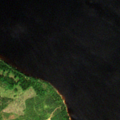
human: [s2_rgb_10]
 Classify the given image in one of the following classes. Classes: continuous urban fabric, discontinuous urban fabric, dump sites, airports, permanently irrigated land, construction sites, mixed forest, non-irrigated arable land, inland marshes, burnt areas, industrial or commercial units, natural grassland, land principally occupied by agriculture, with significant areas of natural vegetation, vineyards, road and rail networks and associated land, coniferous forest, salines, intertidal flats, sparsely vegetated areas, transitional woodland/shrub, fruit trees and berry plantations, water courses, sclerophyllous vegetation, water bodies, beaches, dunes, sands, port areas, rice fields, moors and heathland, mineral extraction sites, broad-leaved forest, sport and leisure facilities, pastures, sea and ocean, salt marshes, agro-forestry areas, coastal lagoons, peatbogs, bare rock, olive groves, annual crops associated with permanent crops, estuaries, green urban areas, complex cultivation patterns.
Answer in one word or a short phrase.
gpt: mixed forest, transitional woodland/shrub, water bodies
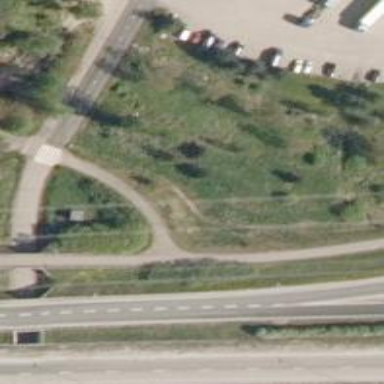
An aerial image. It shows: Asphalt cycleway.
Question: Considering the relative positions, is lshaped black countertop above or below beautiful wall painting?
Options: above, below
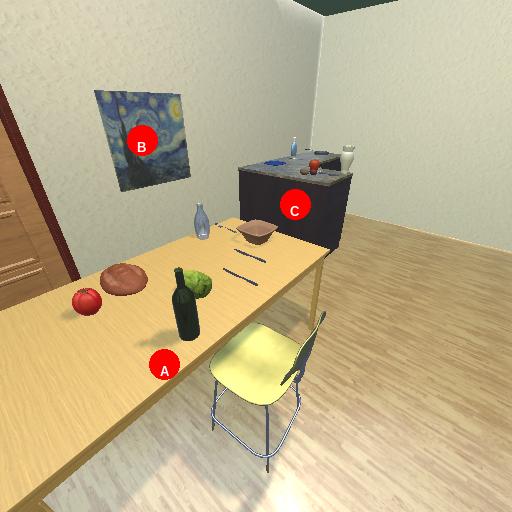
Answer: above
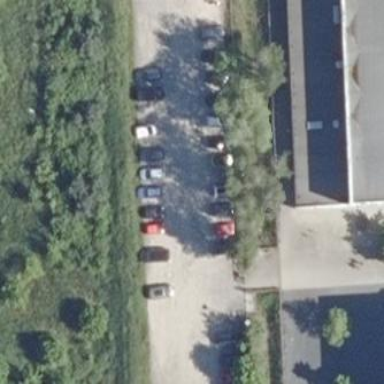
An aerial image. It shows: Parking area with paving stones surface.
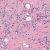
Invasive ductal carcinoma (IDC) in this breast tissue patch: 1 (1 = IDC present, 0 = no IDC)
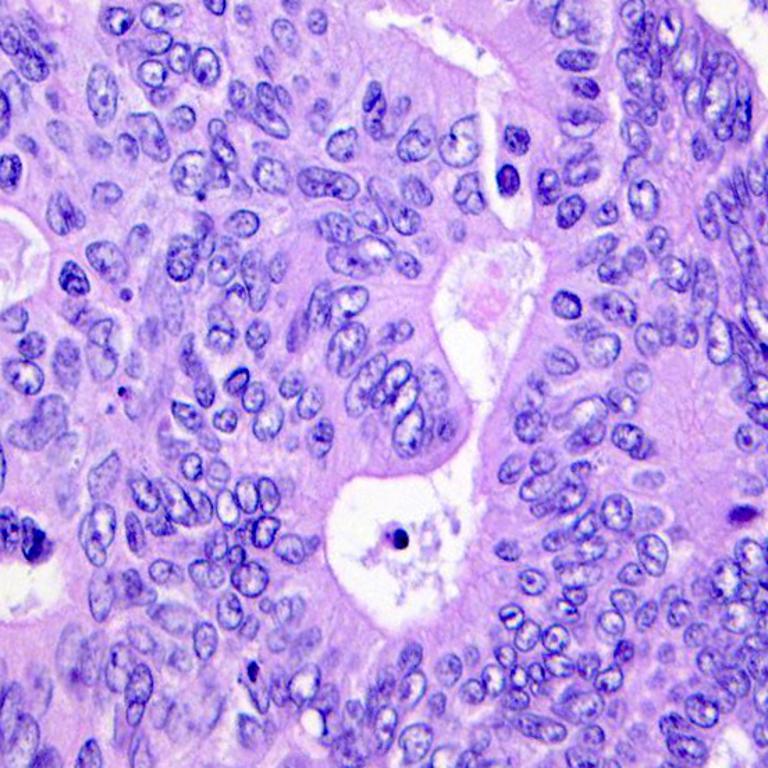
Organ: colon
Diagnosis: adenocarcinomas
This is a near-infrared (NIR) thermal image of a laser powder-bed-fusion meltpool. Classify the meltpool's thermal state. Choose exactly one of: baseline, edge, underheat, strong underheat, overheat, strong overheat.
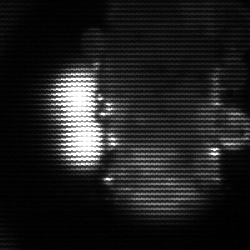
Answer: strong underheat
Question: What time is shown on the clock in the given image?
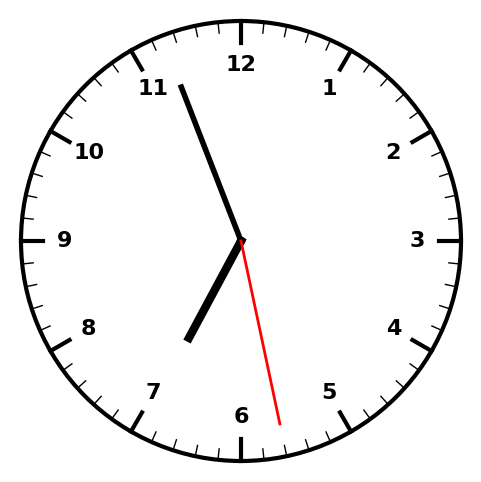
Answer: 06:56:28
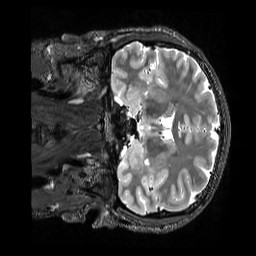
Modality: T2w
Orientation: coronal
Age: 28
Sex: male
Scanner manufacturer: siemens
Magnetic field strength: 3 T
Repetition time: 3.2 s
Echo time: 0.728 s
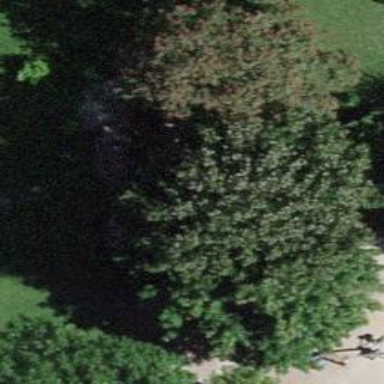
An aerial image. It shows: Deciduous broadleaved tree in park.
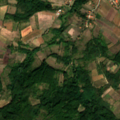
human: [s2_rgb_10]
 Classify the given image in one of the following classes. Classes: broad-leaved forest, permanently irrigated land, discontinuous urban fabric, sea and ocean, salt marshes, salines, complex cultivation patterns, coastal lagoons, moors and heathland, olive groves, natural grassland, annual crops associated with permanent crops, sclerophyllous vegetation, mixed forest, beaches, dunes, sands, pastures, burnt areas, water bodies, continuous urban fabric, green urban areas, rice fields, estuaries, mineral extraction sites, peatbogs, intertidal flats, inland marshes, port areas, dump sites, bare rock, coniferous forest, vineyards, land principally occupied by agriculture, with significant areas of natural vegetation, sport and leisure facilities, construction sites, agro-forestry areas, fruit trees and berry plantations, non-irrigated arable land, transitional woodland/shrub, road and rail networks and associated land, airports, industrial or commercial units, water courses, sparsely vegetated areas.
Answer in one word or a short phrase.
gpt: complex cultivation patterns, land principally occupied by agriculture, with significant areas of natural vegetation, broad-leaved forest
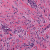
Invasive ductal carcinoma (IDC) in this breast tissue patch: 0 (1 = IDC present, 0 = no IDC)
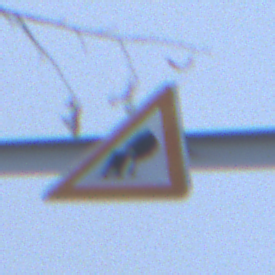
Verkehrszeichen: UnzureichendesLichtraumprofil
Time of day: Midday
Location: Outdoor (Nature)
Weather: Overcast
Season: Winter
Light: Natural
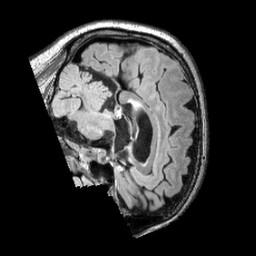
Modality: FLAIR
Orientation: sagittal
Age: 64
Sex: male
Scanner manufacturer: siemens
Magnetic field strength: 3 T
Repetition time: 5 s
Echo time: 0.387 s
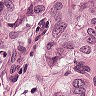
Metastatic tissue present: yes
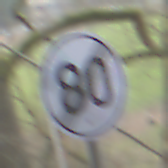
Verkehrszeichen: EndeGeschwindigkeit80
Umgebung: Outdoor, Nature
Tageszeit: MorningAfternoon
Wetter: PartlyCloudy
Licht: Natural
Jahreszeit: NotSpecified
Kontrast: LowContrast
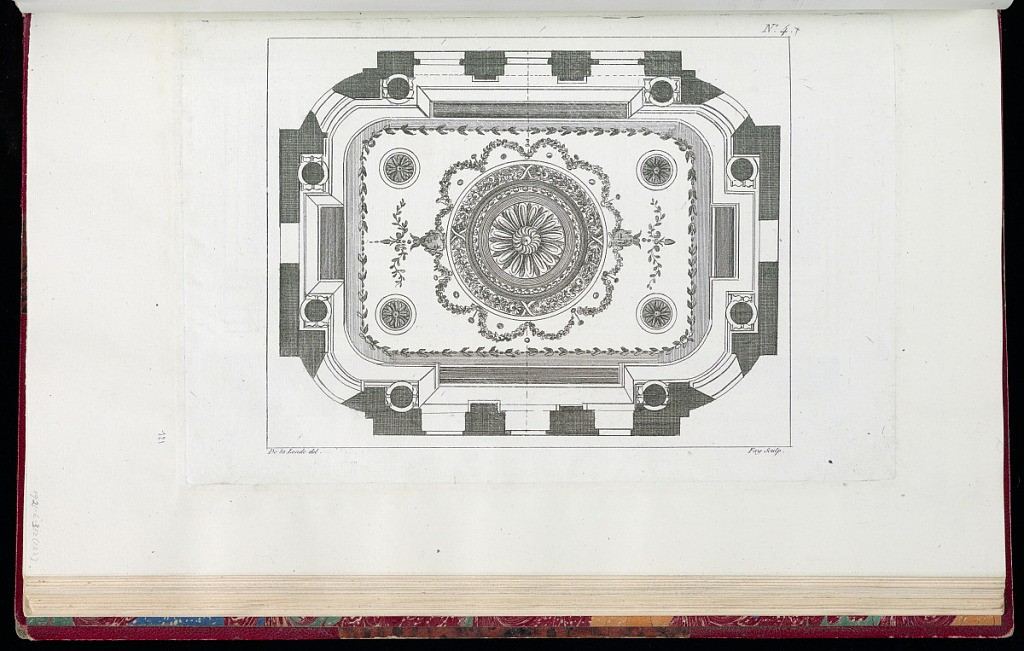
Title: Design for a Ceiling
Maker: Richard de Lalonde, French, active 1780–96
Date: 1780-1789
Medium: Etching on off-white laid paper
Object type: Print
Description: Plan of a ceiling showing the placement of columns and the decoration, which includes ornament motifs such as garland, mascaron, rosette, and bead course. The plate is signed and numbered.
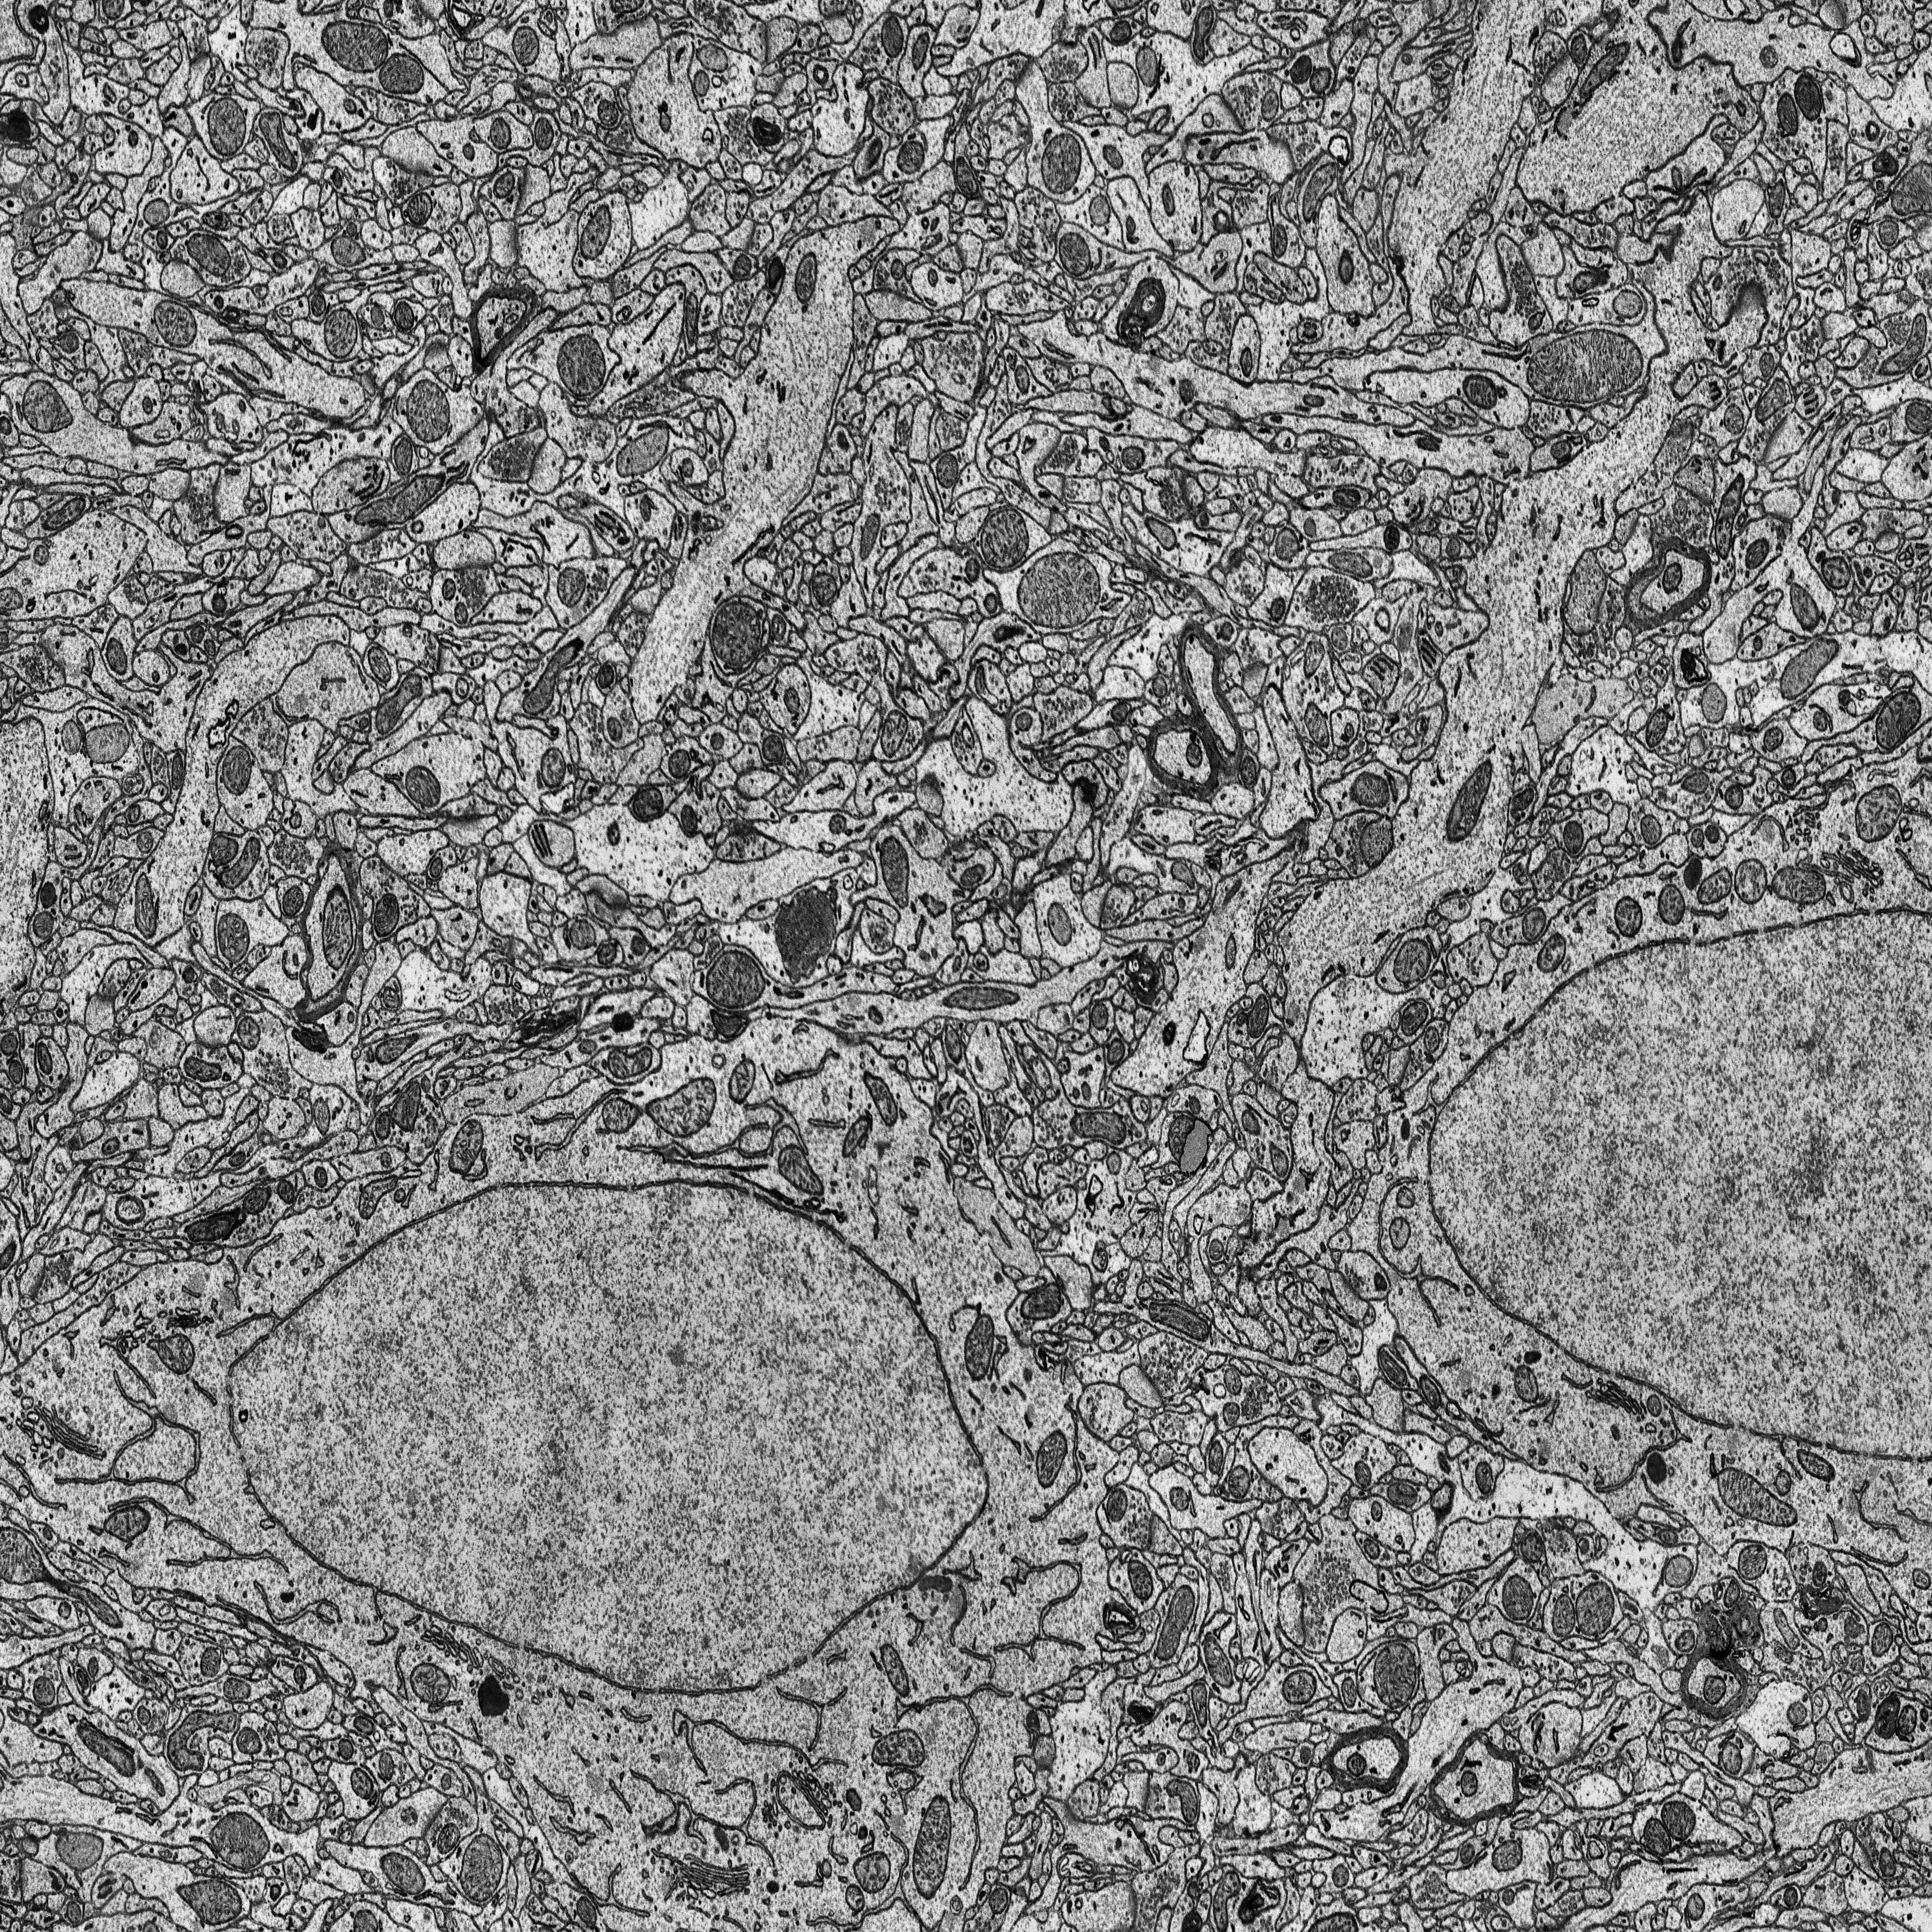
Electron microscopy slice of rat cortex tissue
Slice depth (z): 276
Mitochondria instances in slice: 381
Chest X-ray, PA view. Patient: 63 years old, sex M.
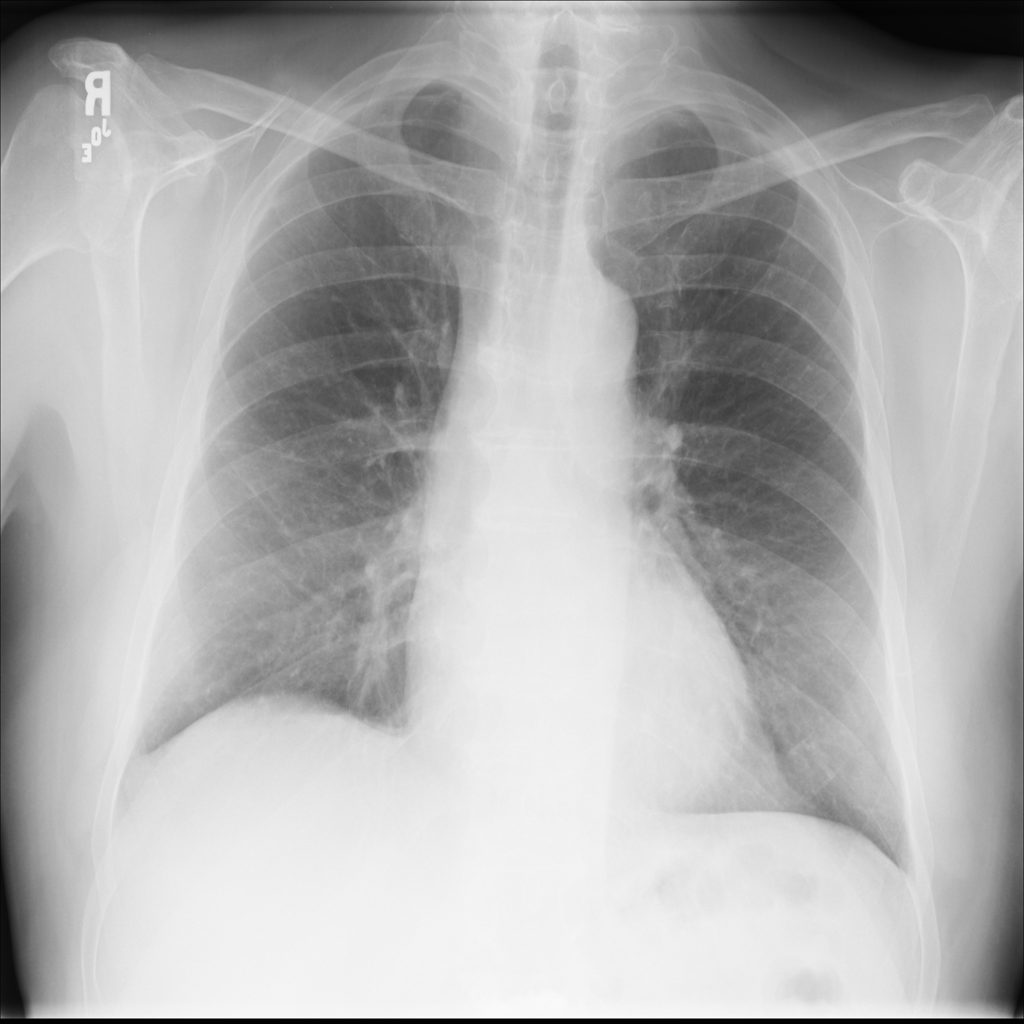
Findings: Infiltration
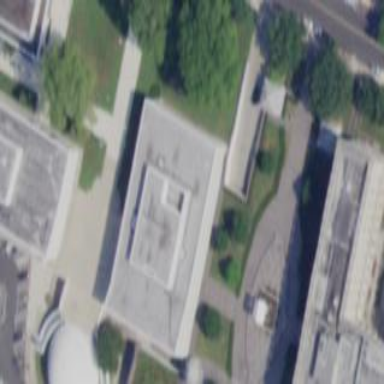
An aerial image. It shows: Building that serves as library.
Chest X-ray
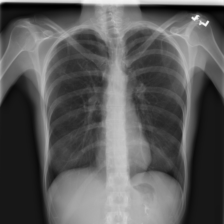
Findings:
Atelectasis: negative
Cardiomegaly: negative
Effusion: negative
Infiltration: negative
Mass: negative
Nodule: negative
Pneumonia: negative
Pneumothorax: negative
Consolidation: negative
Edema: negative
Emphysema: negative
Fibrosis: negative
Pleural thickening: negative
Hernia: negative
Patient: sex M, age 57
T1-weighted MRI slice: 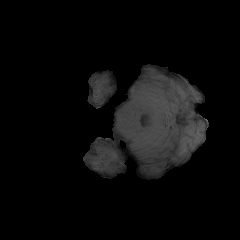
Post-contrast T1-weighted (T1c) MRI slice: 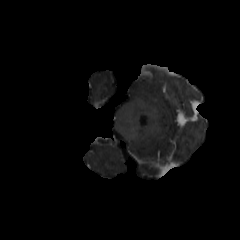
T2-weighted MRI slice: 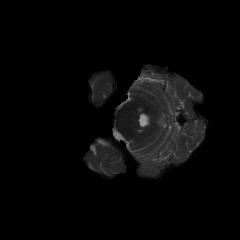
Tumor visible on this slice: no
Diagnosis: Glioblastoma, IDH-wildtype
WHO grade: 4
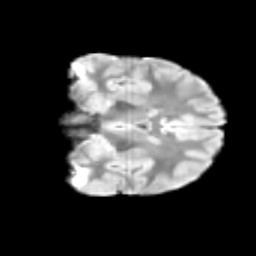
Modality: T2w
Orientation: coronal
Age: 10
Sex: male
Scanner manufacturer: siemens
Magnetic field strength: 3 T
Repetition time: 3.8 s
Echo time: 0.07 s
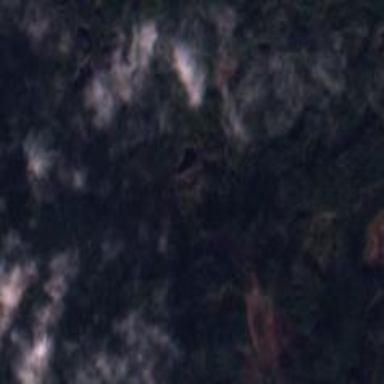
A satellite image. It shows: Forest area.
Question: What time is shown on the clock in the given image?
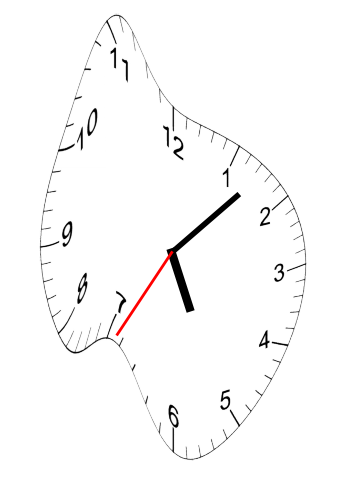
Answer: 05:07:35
▬▬▬
Your assignment
Above are the records; restate exactly the lines from the one containing "Cardiomegaly: negative" through the one containing "Tumor visible on this slice: no", keeping pictures out.

Answer to this exercise
Cardiomegaly: negative
Effusion: negative
Infiltration: negative
Mass: negative
Nodule: negative
Pneumonia: negative
Pneumothorax: negative
Consolidation: negative
Edema: negative
Emphysema: negative
Fibrosis: negative
Pleural thickening: negative
Hernia: negative
Patient: sex M, age 57
T1-weighted MRI slice: 
Post-contrast T1-weighted (T1c) MRI slice: 
T2-weighted MRI slice: 
Tumor visible on this slice: no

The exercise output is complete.